Other than that brief stint with the Forsworn, Bastion is still the picture of heavenly serenity and contemplation.

Except Anduin’s eyes never stop looking  even as his body is at rest, gazing over the horizon where the other realms  suspend on the edge of reality far, far away. He had been asking around as soon as Bolvar helped secure the passage into the Shadowlands and gave everyone the run-down of what to expect and how the Covenants operate within their respective spheres. Souls that were pure and good  and never strayed from their duty in their lives are sent here by the Arbiter, and,  after much time and reflection has passed, are given the opportunity to ascend and become kyrians.

She turns to him. “Anduin….”

“He has to be!” he insists, and this time the desperation in his voice is barely concealed. “He was a good man, Jaina! Someone like him would never be put in Maldraxxus or Revendreth! And I’m sure Ardenweald is nice but he was never a very druidic person, you know? I mean, I would understand if Lo’Gosh was still around but he merged way back when. That was still my father, so maybe—”

“Anduin—”

“—he’s here! He...He’s got to be!” His hands clench and unclench. The light in his eyes, normally warm and soft and cheerful, are wild, wide; sweat beads on his bread, slides down the crevices of his nose. His hair, a stringy mess. “I just know it--!”

“Anduin!” Jaina cries. He starts and shoots a look at her that, on any other person, would make him seem eligible to be locked up in an asylum, or a second away from a nervous breakdown. The latter option seems so much more likely when he doesn’t immediately start ranting and raving, or bolt, or attack her.

He waits, like any lost, little boy that doesn’t have the answer he wants to hear. “I saw what happened,” she begins, gently. “ Not up close; I was on the  _Skybreaker_ when  I saw...when Gul’dan killed your father. ”

She licks her lips, takes a deep breath. “ He won’t be here. He won’t be in Ardenweald. He won’t be in any of the realms. Varian is gone. He’s not coming back.”  _And he never will._

Anduin stares at her.

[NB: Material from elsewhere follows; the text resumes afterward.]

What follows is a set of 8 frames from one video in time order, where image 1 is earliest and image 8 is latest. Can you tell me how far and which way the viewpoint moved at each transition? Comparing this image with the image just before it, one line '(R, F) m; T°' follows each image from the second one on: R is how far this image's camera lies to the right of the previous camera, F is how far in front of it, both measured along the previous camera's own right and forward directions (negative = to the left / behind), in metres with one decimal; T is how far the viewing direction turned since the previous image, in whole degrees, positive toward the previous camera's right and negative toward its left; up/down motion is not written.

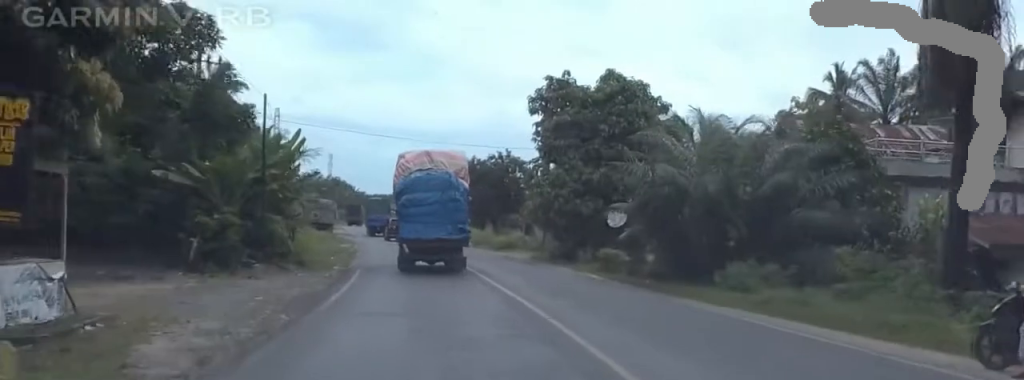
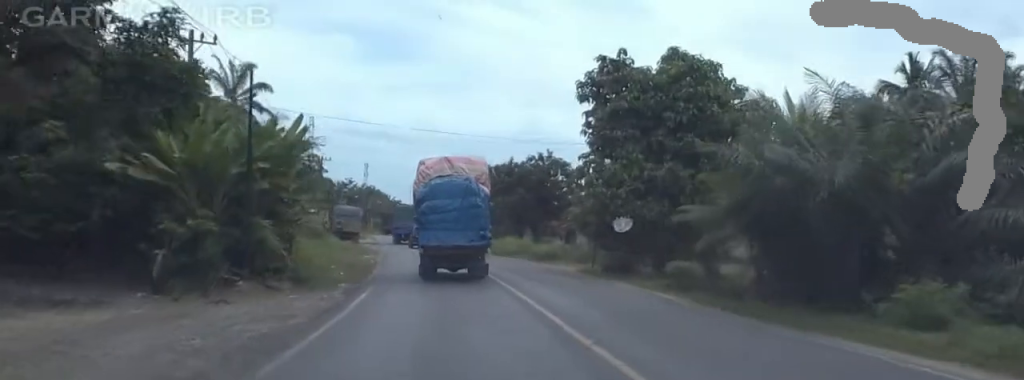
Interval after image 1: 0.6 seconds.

The corners of his eyes are bloodshot, the skin underneath dark and droopy. The lack of so little sleep can be testament to a lot of things, she surmises: if it wasn’t the Blood War and all the loss of life that came with it, then it’s having Taelia coming face to face with her father, not as a man in Lordaeronian armor but now only a walking, ruined husk of volcanic flesh and the dragonfire that forever keeps him immortal, after one too many arguments in the throne room that made even Genn and Shaw uncomfortable. And if it’s not that, then it’s the knowledge Bolvar imparted to them that all  the old, familiar faces they would meet in their travels—and perhaps in the Maw, as well.

Uther.

Kael’thas.

Antonidas.

Her father.

Arthas.

“There’s still a chance,” Anduin insists, weak and mumbling. “Others had it worse. I heard the stories, like Dar’Khan Drathir. He was obliterated, you know? There was nothing left of him...but he still came back! He still—”

“Died. And died again not long after. But Dar’Khan had the Scourge on his side to return him to life. Your father—”

“He had the Light!” he cries. “If the Light can bring back Calia, then it can bring back dad!”

“There’s nothing left of him, Anduin,” Jaina says, swallowing thickly. Throat dry, not a lump to be found, though it feels as such. “Everyone saw what happened to him aboard the ship. It was fel. And the fel….”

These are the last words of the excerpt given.